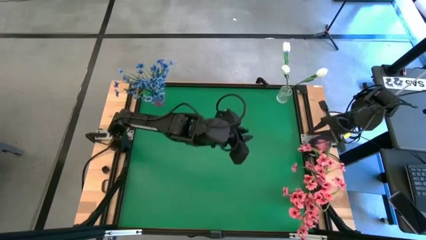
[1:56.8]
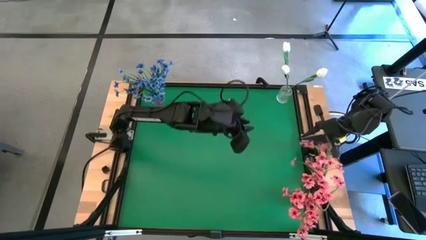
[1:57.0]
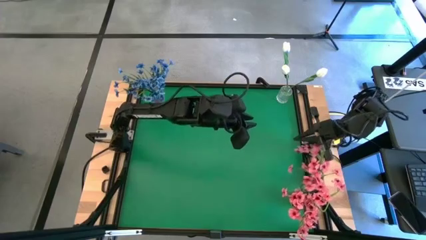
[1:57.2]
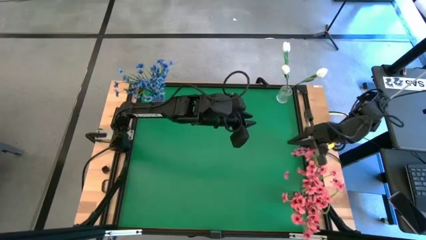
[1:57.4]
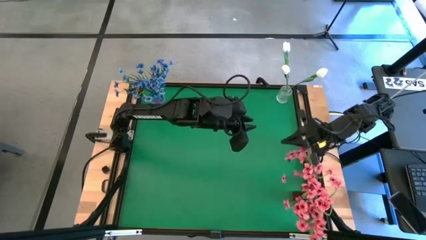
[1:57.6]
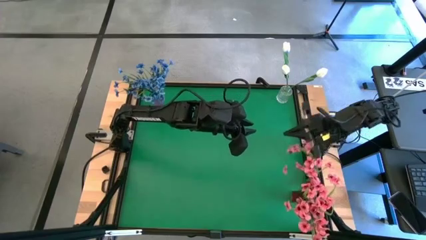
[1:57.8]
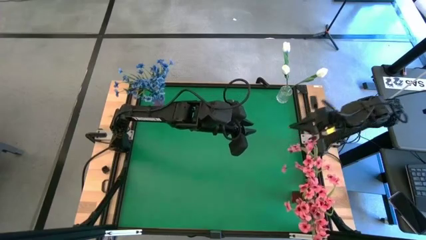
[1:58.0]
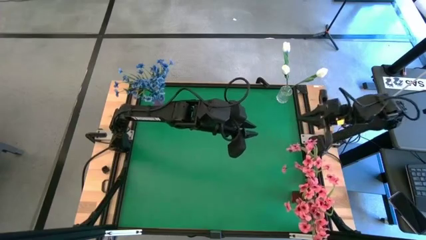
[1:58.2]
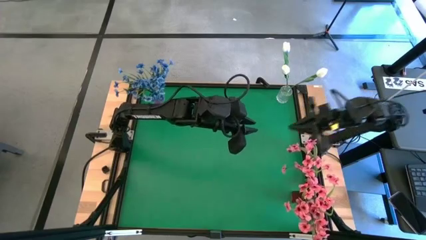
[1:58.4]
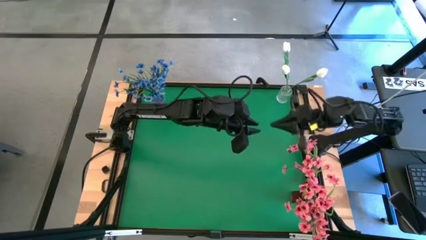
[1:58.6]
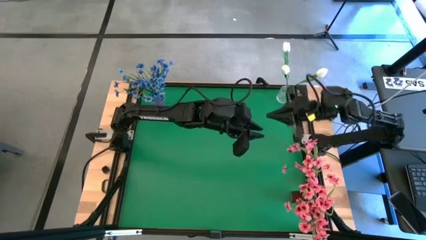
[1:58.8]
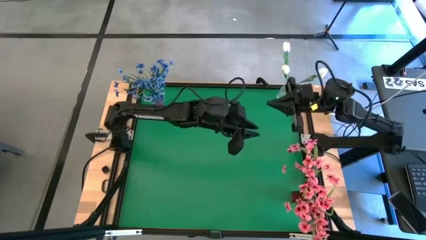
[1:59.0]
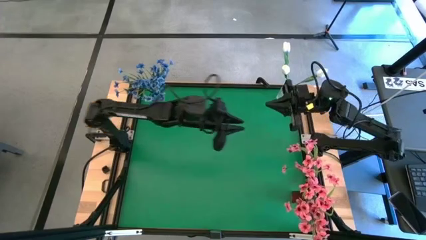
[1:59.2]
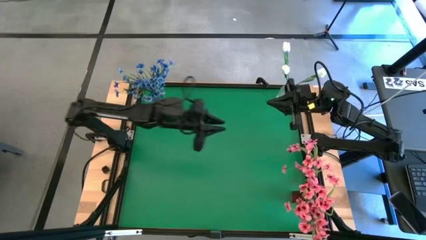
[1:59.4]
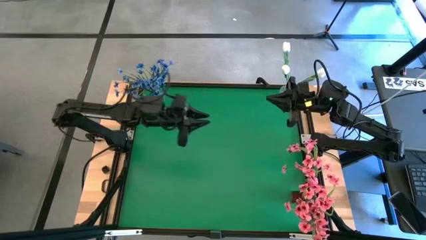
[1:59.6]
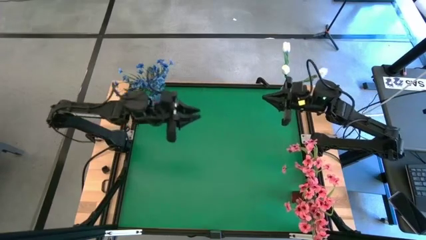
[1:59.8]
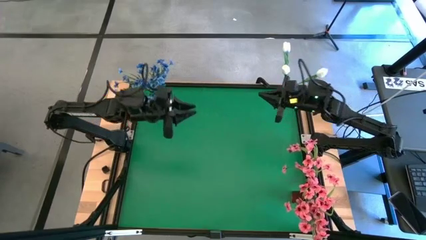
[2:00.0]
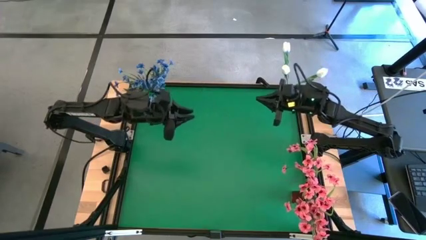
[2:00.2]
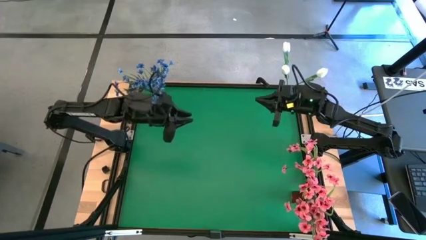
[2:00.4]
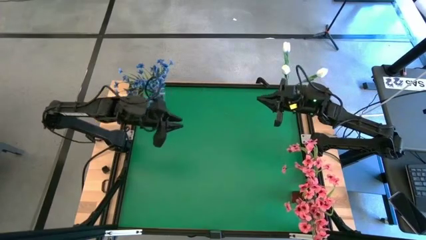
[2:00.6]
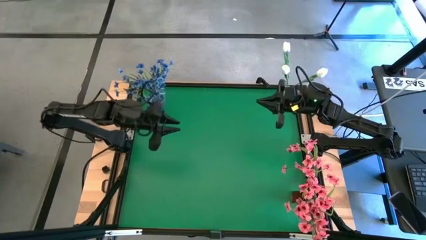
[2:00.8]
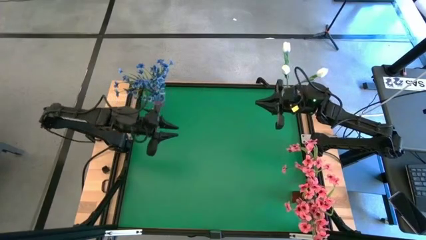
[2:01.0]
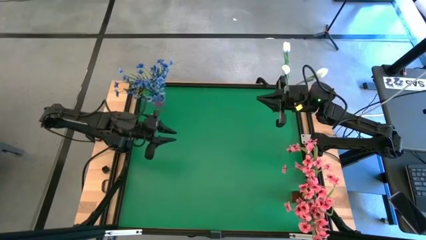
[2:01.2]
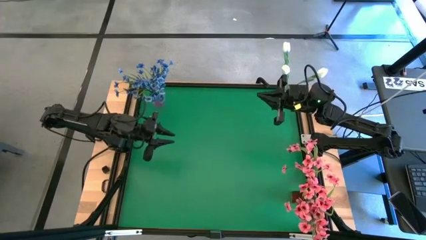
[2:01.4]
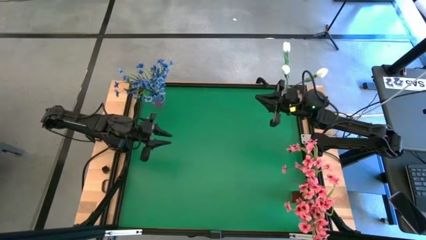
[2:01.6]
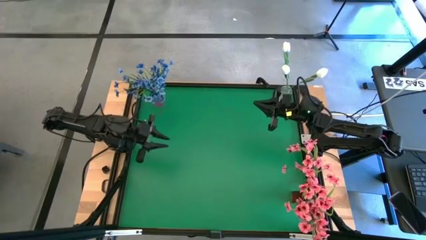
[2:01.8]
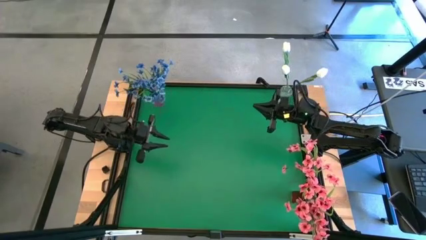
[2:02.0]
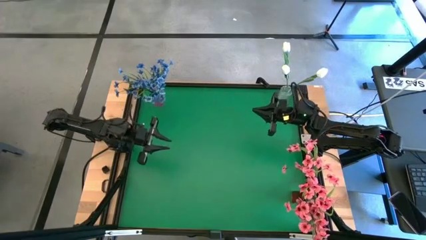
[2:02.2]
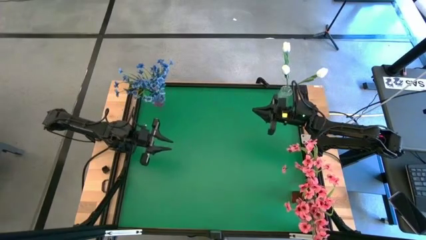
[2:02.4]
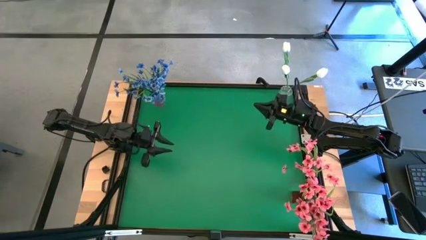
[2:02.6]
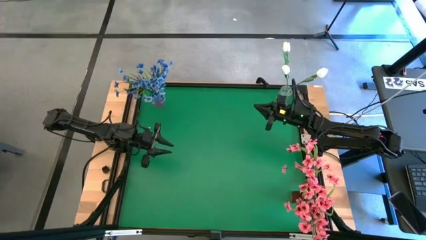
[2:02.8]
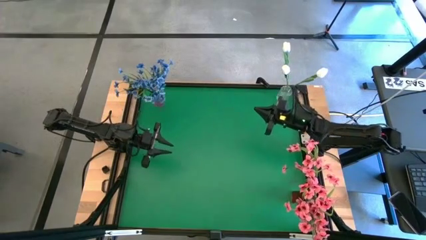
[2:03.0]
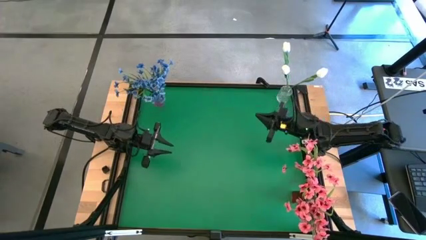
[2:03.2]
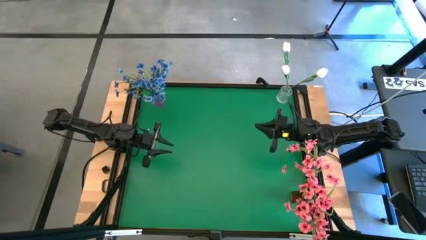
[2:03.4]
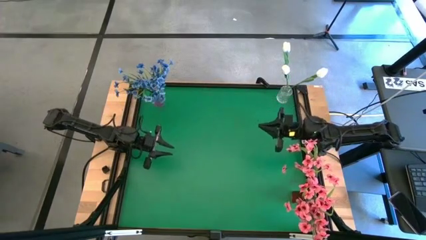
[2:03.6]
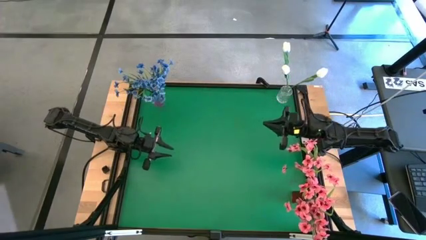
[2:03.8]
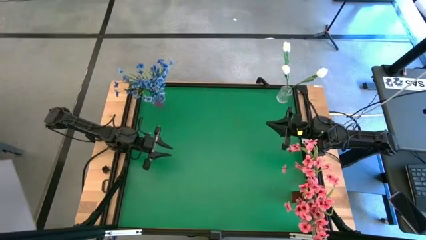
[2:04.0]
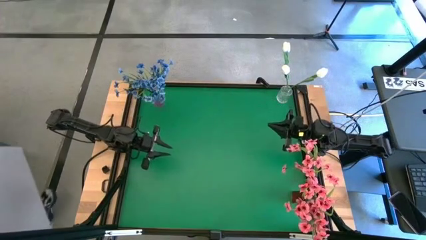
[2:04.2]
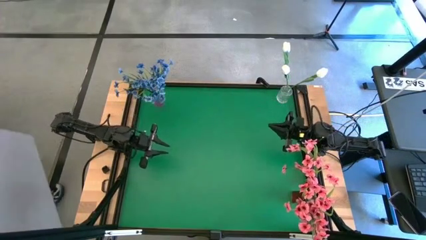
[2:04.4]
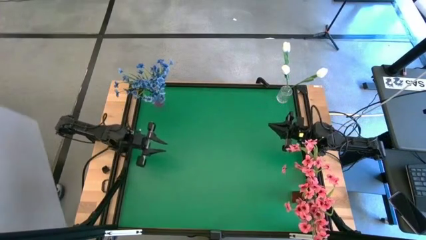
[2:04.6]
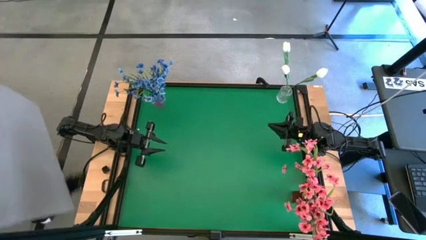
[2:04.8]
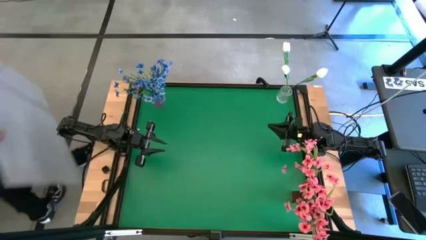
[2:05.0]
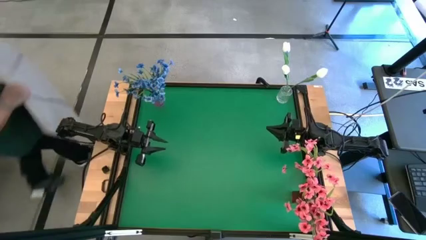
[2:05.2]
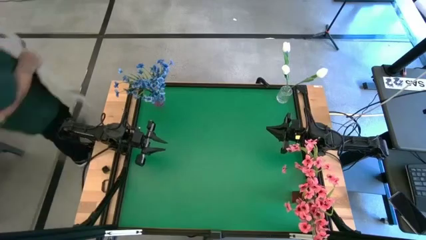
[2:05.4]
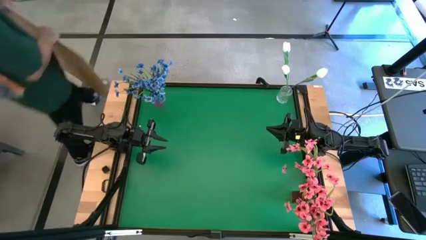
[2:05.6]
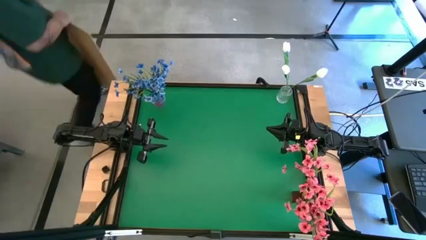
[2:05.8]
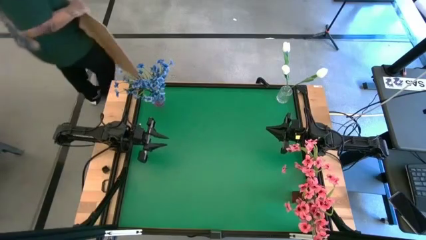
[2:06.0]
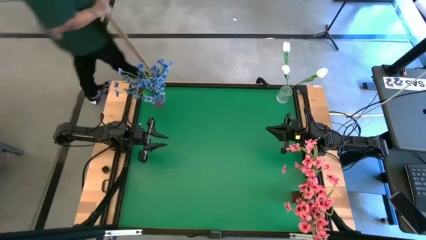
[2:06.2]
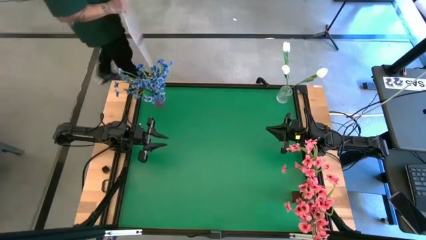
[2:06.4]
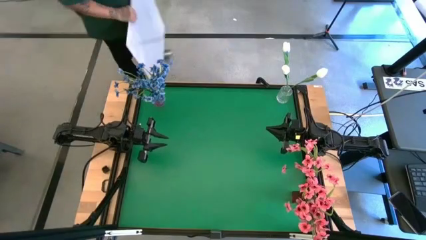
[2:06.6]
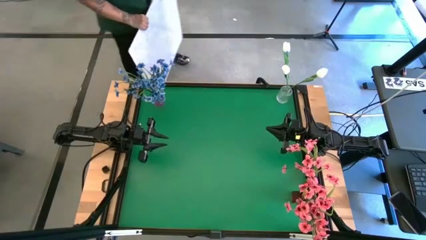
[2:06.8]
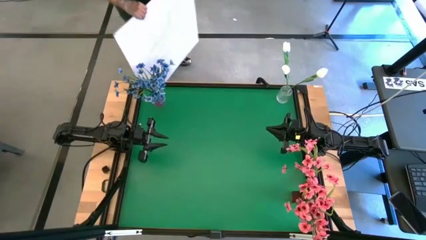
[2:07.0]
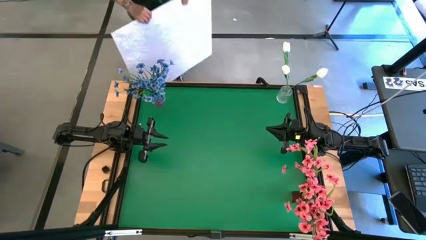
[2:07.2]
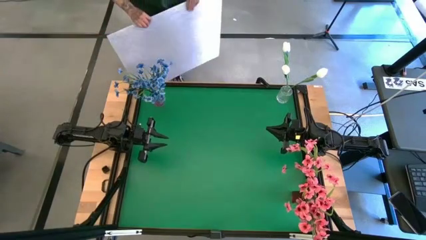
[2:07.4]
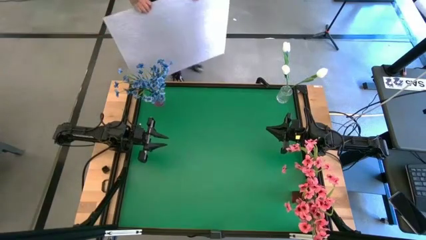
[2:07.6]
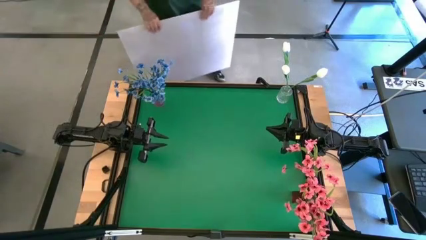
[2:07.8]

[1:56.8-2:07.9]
Task: Sort flowers into vase by color
Return to Home Position

EXERCISE DIRECTIONS = Copy the entries exactly. Leave the pictures out.

ANSWER TO THIS TASK =
[1:56.8]
[1:57.0]
[1:57.2]
[1:57.4]
[1:57.6]
[1:57.8]
[1:58.0]
[1:58.2]
[1:58.4]
[1:58.6]
[1:58.8]
[1:59.0]
[1:59.2]
[1:59.4]
[1:59.6]
[1:59.8]
[2:00.0]
[2:00.2]
[2:00.4]
[2:00.6]
[2:00.8]
[2:01.0]
[2:01.2]
[2:01.4]
[2:01.6]
[2:01.8]
[2:02.0]
[2:02.2]
[2:02.4]
[2:02.6]
[2:02.8]
[2:03.0]
[2:03.2]
[2:03.4]
[2:03.6]
[2:03.8]
[2:04.0]
[2:04.2]
[2:04.4]
[2:04.6]
[2:04.8]
[2:05.0]
[2:05.2]
[2:05.4]
[2:05.6]
[2:05.8]
[2:06.0]
[2:06.2]
[2:06.4]
[2:06.6]
[2:06.8]
[2:07.0]
[2:07.2]
[2:07.4]
[2:07.6]
[2:07.8]

[1:56.8-2:07.9]
Task: Sort flowers into vase by color
Return to Home Position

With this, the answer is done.